- Theatrical film poster
- Directed by: Craig Monahan
- Written by: Craig Monahan Alison Nisselle
- Produced by: Tait Brady Craig Monahan
- Starring: Don Hany Hugo Weaving Robert Taylor Xavier Samuel Justine Clarke Laura Brent Anthony Hayes
- Cinematography: Andrew Lesnie Perla Sancassani
- Edited by: Suresh Ayyar
- Music by: David Hirschfelder
- Production companies: Pointblank Pictures Screen Australia
- Distributed by: Pinnacle Films
- Release date: 8 May 2014;
- Running time: 119 minutes
- Country: Australia
- Language: English
- Box office: $428, 524 USD (Australia)

= Healing (2014 film) =

Healing is a 2014 English-language Australian drama film produced by PointBlank Pictures and directed by Craig Monahan and co-written with Alison Nisselle. The film stars Don Hany, Hugo Weaving, Robert Taylor, Xavier Samuel, Justine Clarke, Laura Brent and Anthony Hayes.

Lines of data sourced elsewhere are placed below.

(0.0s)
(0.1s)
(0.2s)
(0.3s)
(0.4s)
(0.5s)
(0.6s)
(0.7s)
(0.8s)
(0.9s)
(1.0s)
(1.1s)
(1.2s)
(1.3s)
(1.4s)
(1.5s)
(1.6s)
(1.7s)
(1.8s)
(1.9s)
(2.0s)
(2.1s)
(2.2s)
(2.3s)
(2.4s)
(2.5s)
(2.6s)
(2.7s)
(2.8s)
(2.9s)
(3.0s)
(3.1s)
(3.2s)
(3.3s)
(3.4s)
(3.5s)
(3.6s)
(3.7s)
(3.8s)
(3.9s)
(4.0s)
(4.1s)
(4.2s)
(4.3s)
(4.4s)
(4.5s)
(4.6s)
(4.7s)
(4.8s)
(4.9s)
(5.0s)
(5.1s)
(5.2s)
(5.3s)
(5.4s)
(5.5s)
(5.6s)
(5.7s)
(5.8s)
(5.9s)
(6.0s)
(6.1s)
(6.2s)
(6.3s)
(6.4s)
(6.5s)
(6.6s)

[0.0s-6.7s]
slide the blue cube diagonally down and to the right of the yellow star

It was released theatrically in Australia on 8 May 2014. It was subsequently screened at several film festivals around the world, including the Seattle International Film Festival on 25 May and the Cannes Film Festival in May 2015.

==Plot ==
Viktor Kahdem (Don Hany), is an Iranian-Australian criminal, and is being is transferred to the Won Wron Correctional Centre, a low-security prison farm situated in rural Victoria, to serve the final stretch of his prison sentence. Once there, he quickly attracts the attention of Matt Perry (Hugo Weaving), a correctional officer at the prison. One day not long after his arrival, Khadem and Perry are on a work detail together when they discover an injured wedge-tail eagle trapped in a wire fence. Perry notices Kahdem's almost immediate affection and care of the bird. Soon, Perry has set up a small aviary inside which the inmate can rehabilitate the bird, noting that as he aids the recovery of the bird he can also heal himself. Kahdem is the first prisoner to undergo this new program. Whilst training the wedge-tail eagle, which Perry has named Yasmine, inmate and officer develop a strong fraternal relationship and Kahdem opens up about his past to his new friend.

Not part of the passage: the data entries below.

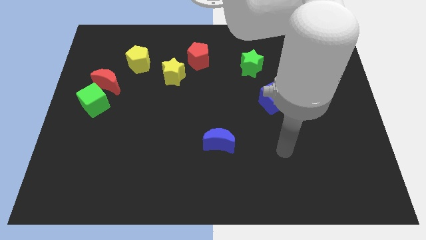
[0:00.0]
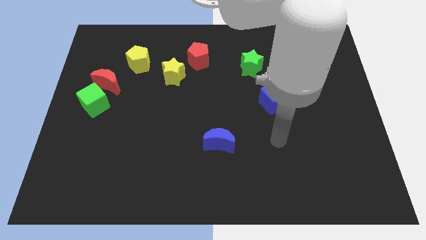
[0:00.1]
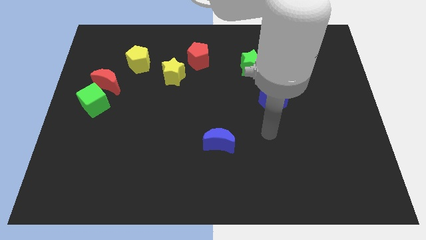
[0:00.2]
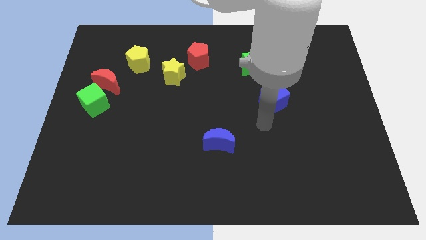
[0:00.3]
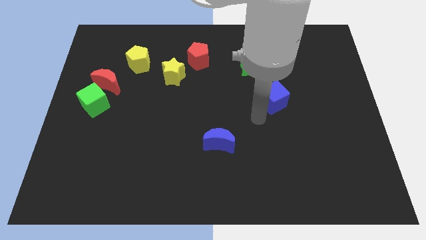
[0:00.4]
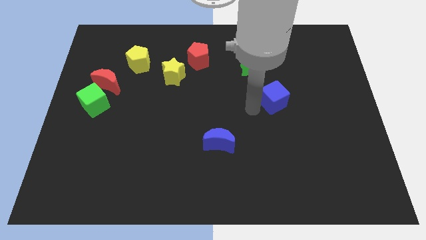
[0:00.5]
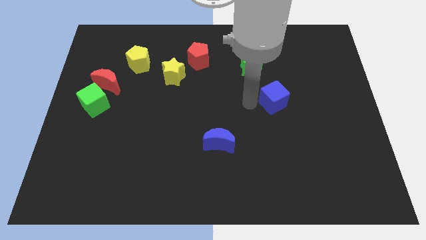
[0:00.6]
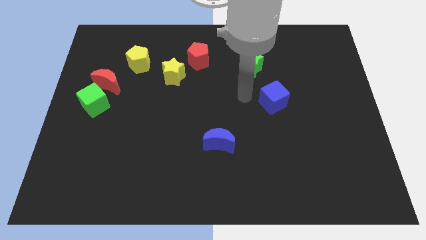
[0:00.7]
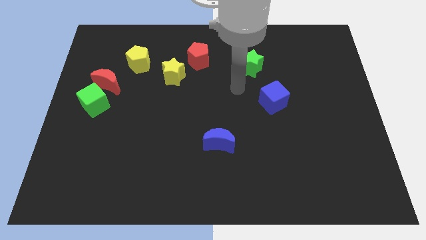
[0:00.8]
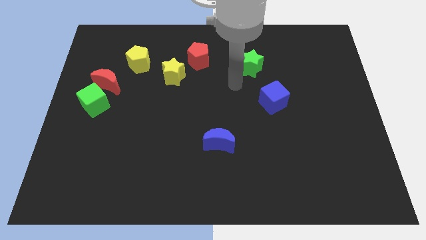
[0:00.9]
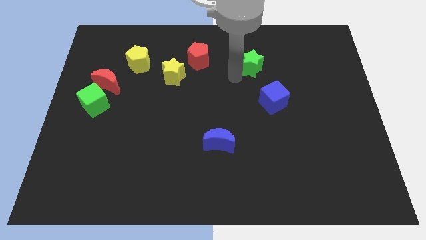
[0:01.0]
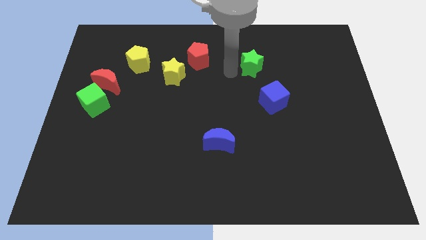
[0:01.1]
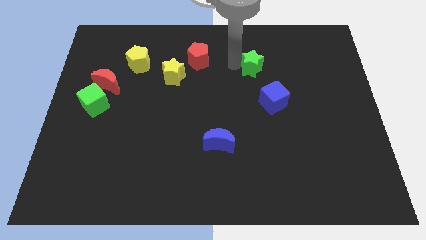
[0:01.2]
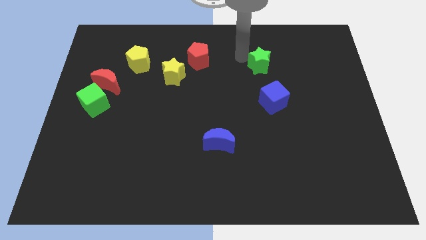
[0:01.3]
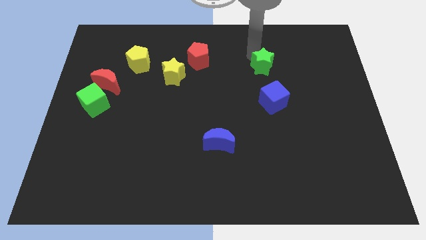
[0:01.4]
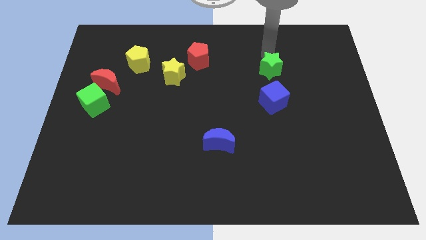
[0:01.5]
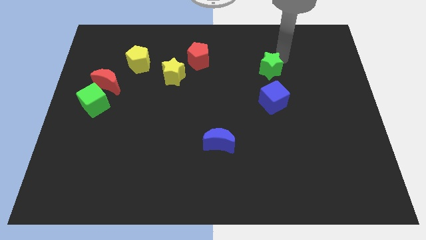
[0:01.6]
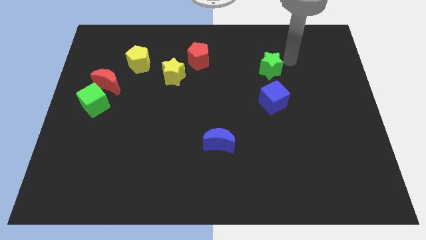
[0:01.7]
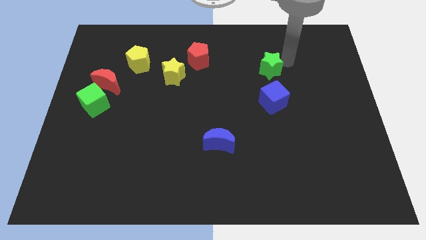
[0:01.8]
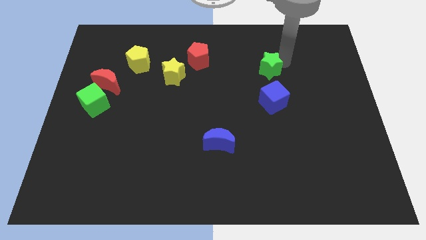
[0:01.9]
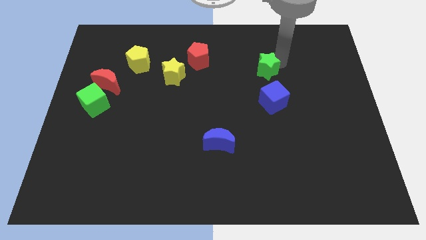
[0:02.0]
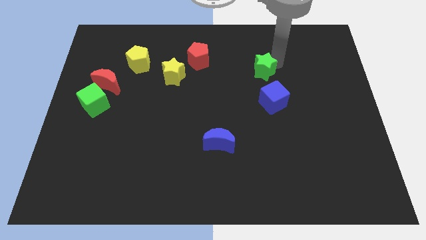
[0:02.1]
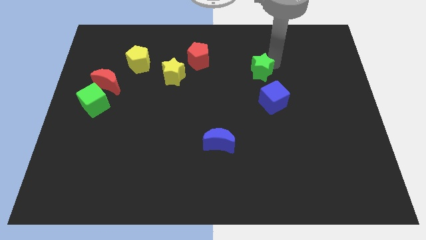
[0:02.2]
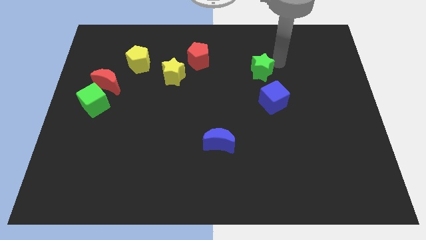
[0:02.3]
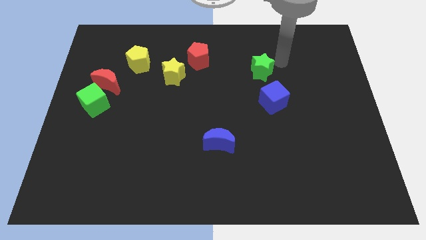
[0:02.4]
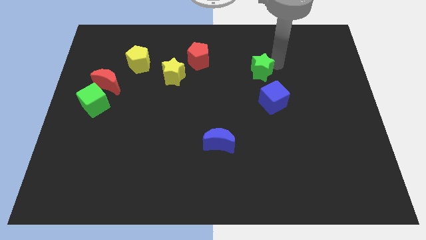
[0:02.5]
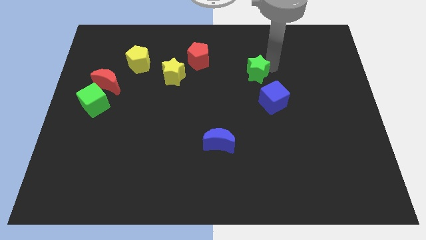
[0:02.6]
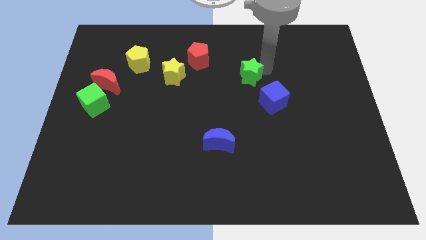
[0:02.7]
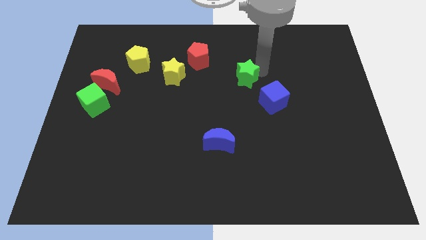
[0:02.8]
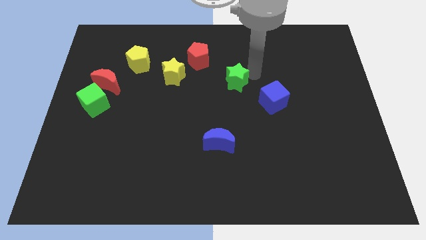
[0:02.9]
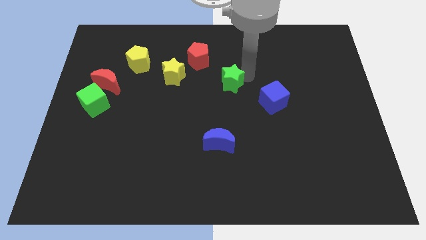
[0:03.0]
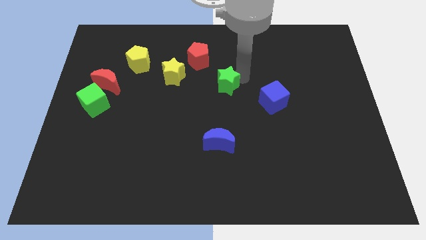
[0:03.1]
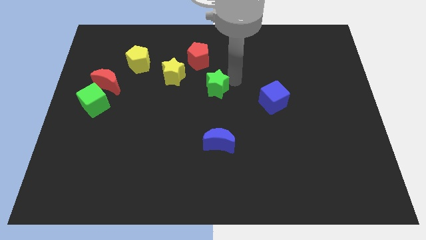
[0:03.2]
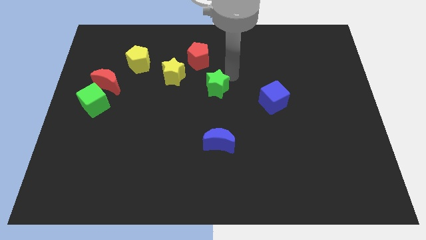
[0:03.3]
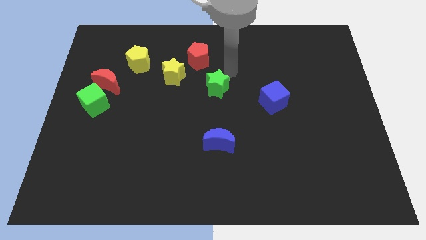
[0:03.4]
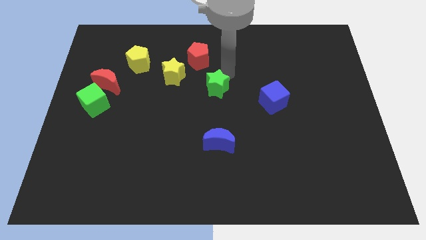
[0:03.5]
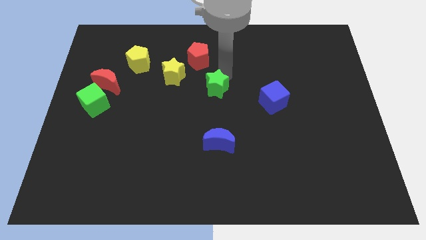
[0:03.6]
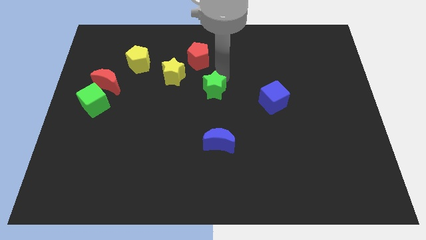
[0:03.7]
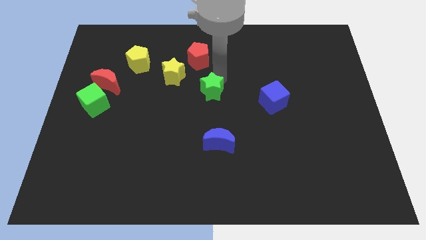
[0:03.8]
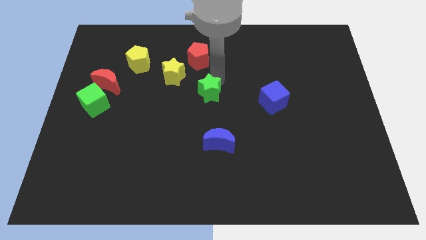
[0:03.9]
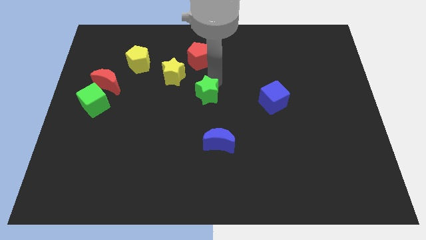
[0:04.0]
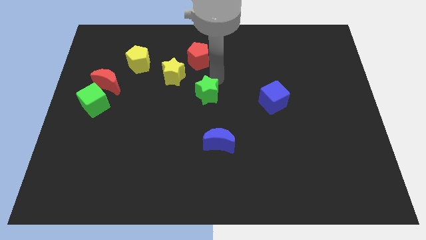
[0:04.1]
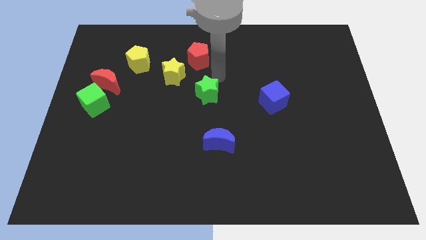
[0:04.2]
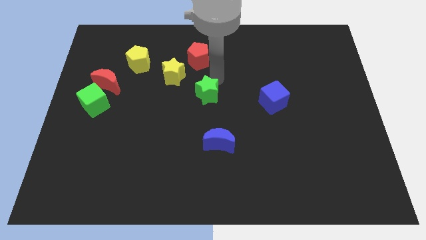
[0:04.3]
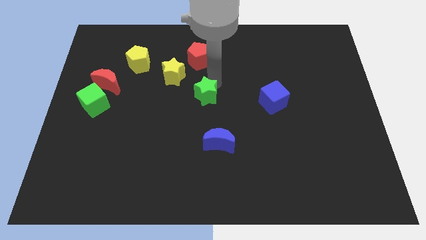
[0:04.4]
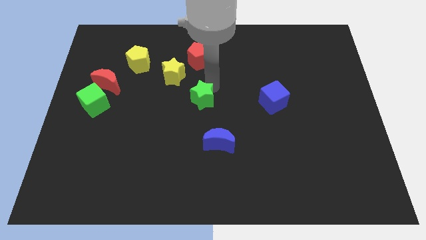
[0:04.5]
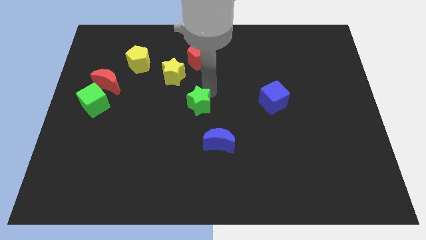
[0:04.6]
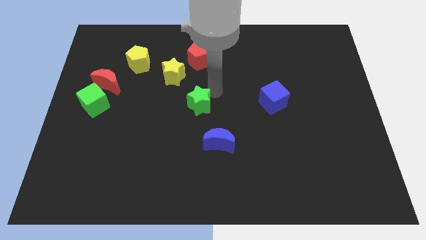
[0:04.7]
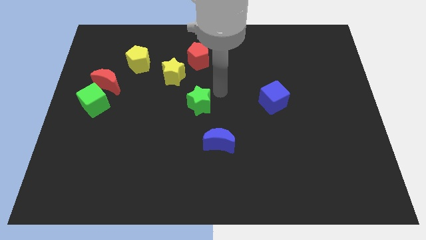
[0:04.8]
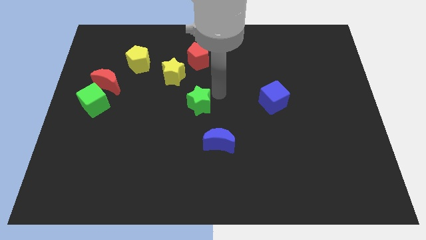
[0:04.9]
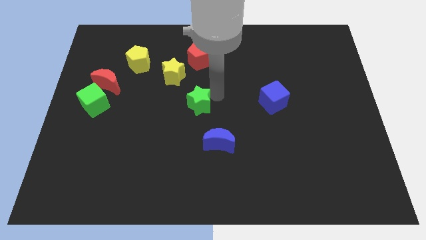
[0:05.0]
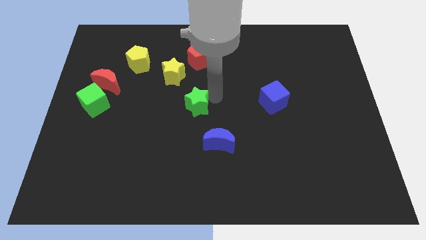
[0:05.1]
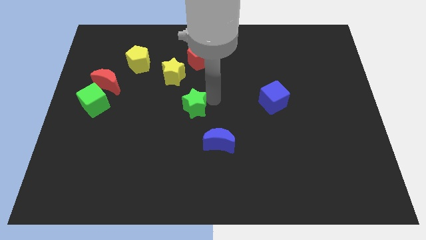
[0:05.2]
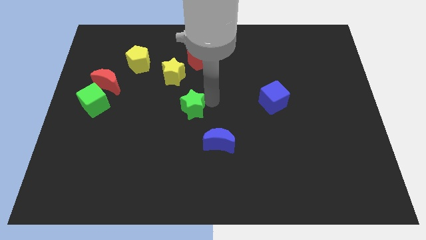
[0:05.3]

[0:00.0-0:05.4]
move the green star downwards and to the left

After hearing about his past and finding out that he has living family despite never having had a visit, Perry becomes motivated to assist Kahdem in his rehabilitation and intervenes to invite his son to the prison for a visit. Convinced against his initial refusal of the offer, Yousef (Dimitri Baveas) eventually takes up the invitation to attend the prison and pay a visit his incarcerated father.  Unexpectedly, the visit turns sour after sensitive issues are touched upon. Kahdem is angered and keeps his fist clenched in frustration, whilst Yousef stands to shout at him. Eventually Yousef leaves in rage, hurting Kahdem and his morale.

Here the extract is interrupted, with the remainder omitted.